Jack actually provides useful comments on interpersonal relationships but in his own intelligent and individual comedic style. There were a few laugh-out-loud moments but not many. It was very readable because I could imagine him speaking the text and the situations he described seemed generally very real.
the abreviation 'lol' ( laugh out loud), is meant for this book, i was laughing to hard after reading first bit i couldnt breathe, and had to stop reading and only read bits at a time,even now if i thinkof the 'musical recital. it makes me laugh, bloody funny, too funny, he is a comedy master, fantastic book, id recommend it it to anybody,
A quirky book with a twist. What happens when a Stand-Up Comedian takes a short therapy course and starts advising people? Dee gives an interesting view on some issues that provocative therapists would find very useful in engaging their clients to think in different ways.

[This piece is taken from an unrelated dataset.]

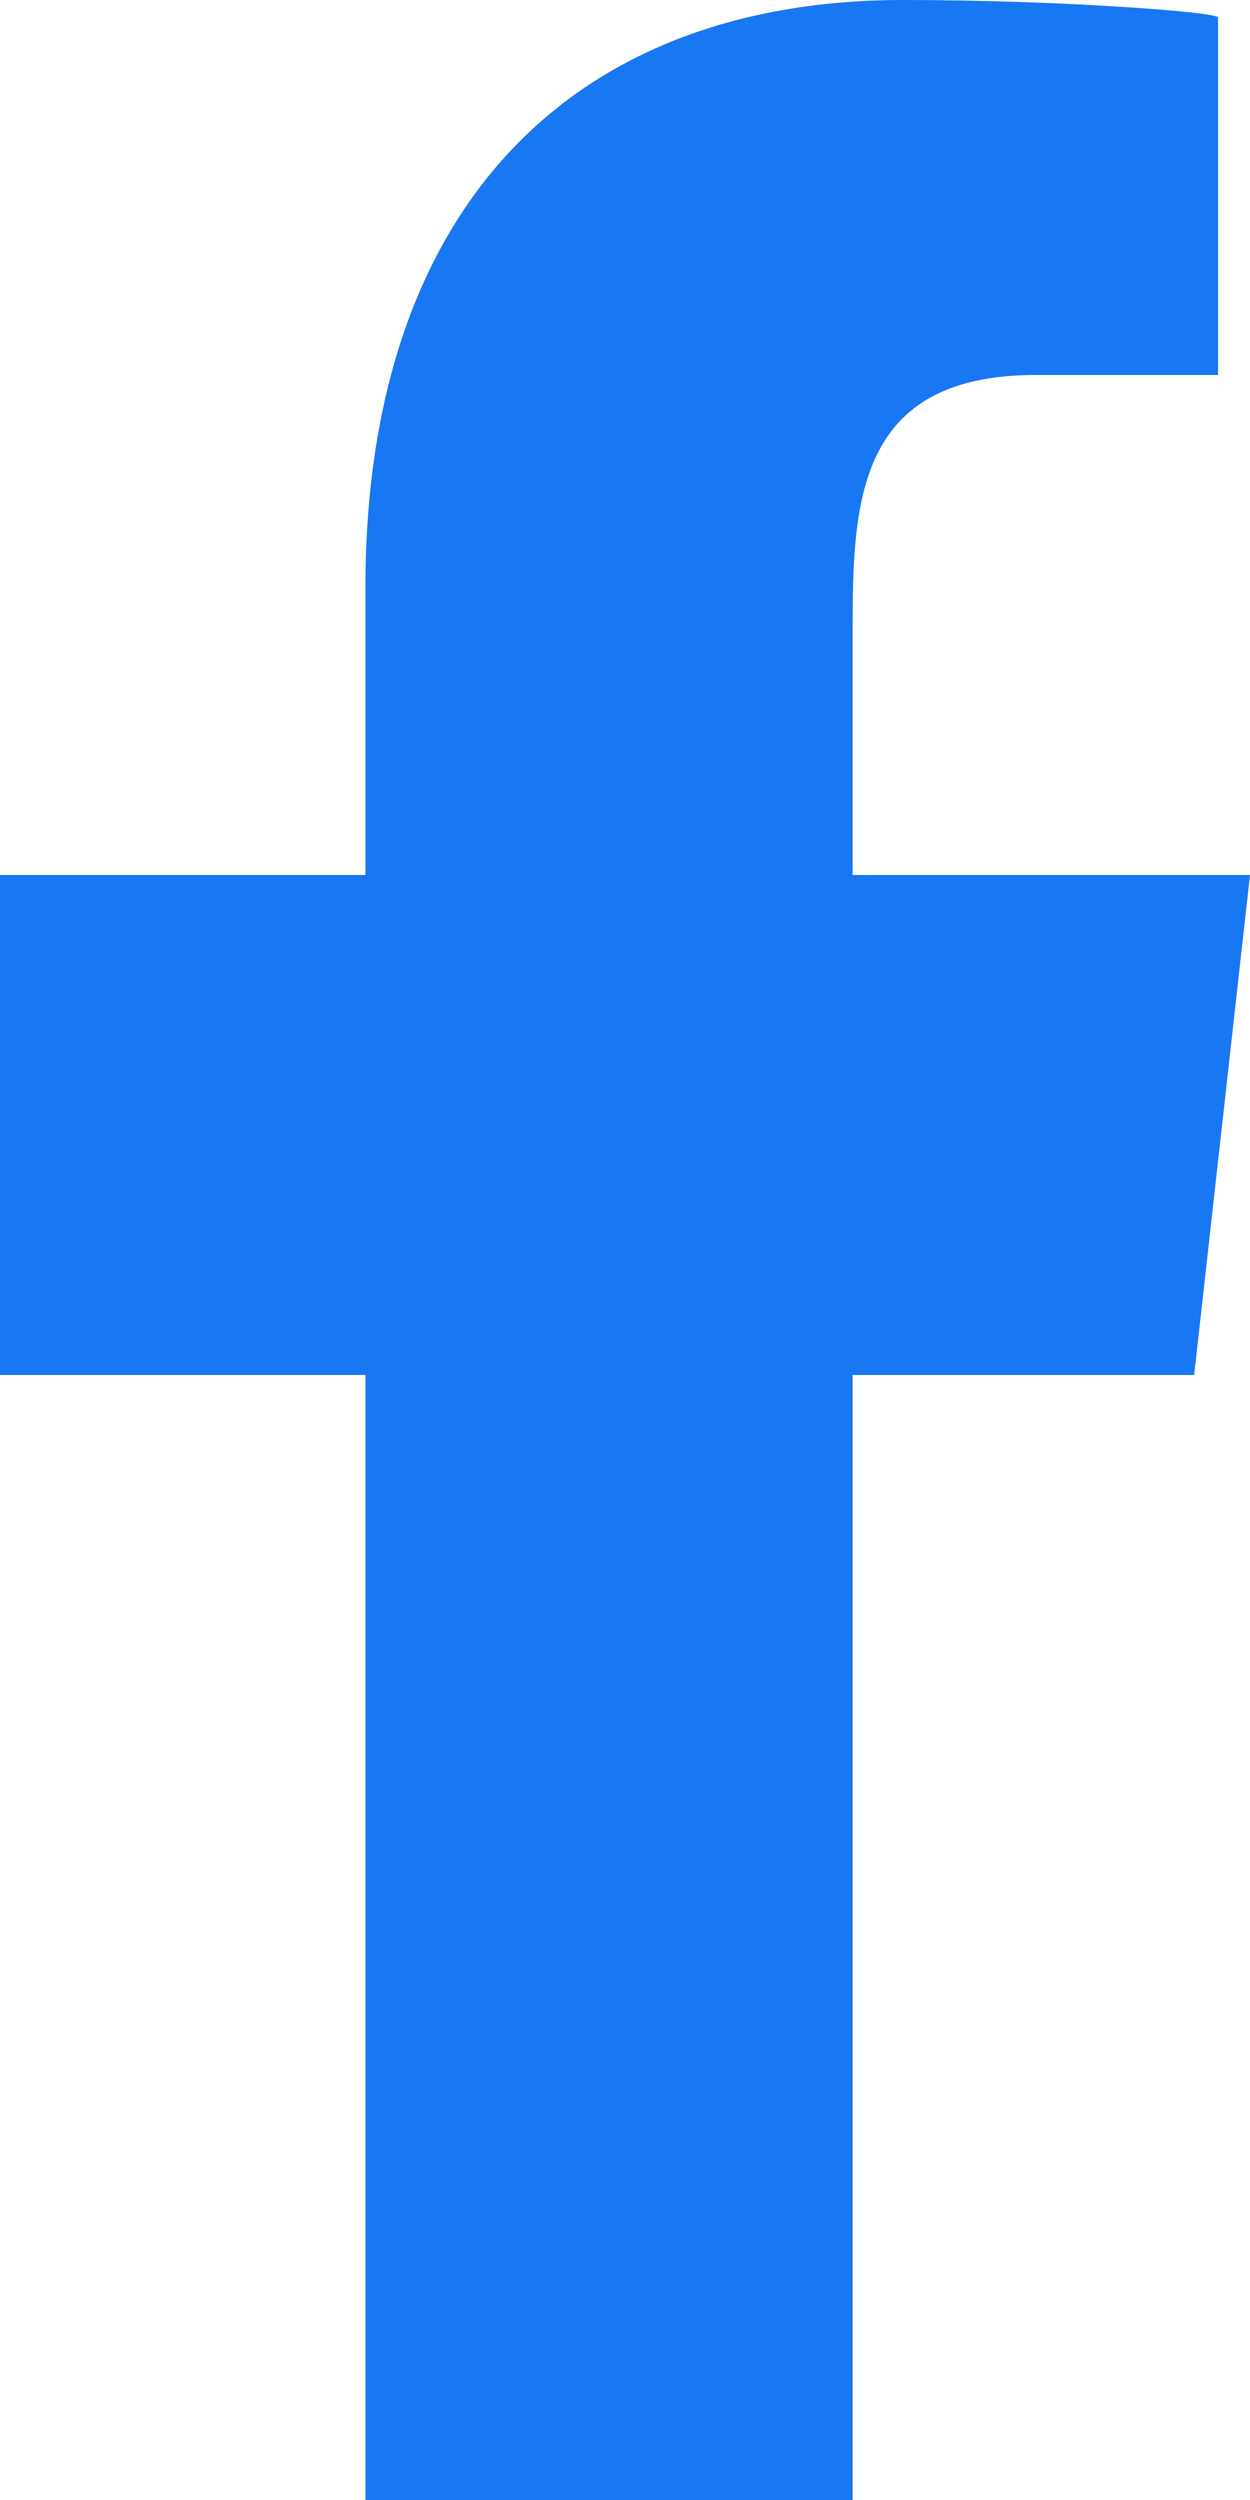 <svg width="9" height="18" viewBox="0 0 9 18" fill="none" xmlns="http://www.w3.org/2000/svg">
<path fill-rule="evenodd" clip-rule="evenodd" d="M6.139 18V9.9H8.598L9 6.3H6.139V4.547C6.139 3.62 6.163 2.7 7.458 2.7H8.77V0.126C8.77 0.087 7.643 0 6.503 0C4.122 0 2.631 1.491 2.631 4.23V6.3H0V9.9H2.631V18H6.139Z" fill="#1877F2"/>
</svg>

Oh dear. I thought I was getting a memoir of droll, deadpan comic, Jack Dee.
Instead this was a weird hybrid of humour and apparent genuine common sense ... not what I wanted from a comedian I have such good memories of (from the 1990s, admittedly).
Great observational humour, and I especially loved listening to Jack reading it. It became slightly repetitive though and the points relating to Covid feel amazingly out-of-date even though it’s not that long ago. (Audiobook)
I had a few laughs with this book, but it falls between two stools, advice and comedy. Some of the comedy seems forced and its hard to know what's genuine or not -
Diverting and mildly entertaining - though I do think you have to read this in Jack Dee's voice! It's irreverent but you may find some useful life advice within (just don't expect to!)
I'm not a massive Jack Dee fan, but I quite like him, and this looked like an undemanding, fun read. However, I really struggled to read and enjoy this book: in the end, I had to resort to continually updating what page I'd reached to make me feel like I was making progress.
The idea of Jack Dee, comedy's "little ray of sleet" as a trained psychotherapist ("An incredibly gruelling four hours of study" with The Ruislip College of Advansed Learning [sic]) acting as an agony aunt is bizarre from the off - and to be honest, it didn't totally work for me. In fact, the concept of Jack Dee 'helping' people with their problems in comic fashion wears thin remarkably quickly: I don't feel it was sustainable over 300+ pages. I didn't find it funny, either: I couldn't agree less with the glowing comments about its hilarity made by Richard Osman and Katherine Ryan.
I found it best to read What Is Your Problem? in short bursts, because reading it at length soon became boring due to the 'samey' nature of the text.
To be fair, some sections are quite entertaining, and Dee raises and makes some very pertinent points and interesting observations, some of them remarkably succinct and even touching. All the same, this isn't a book I'd recommend unless Dee's mordant style and wit are to your taste.
Jack Dee the agony aunt. Instead of the baking and Joe Wick's exercise many people filled their COVID-19 lockdowns with, Jack Dee retrained as a psycho-therapist (for half a day!) and started giving advice in his unique and cynical style. He loses a star for the mention of the band Steps' reunion and new album in a 'it can't get any worse' moment. Just rude.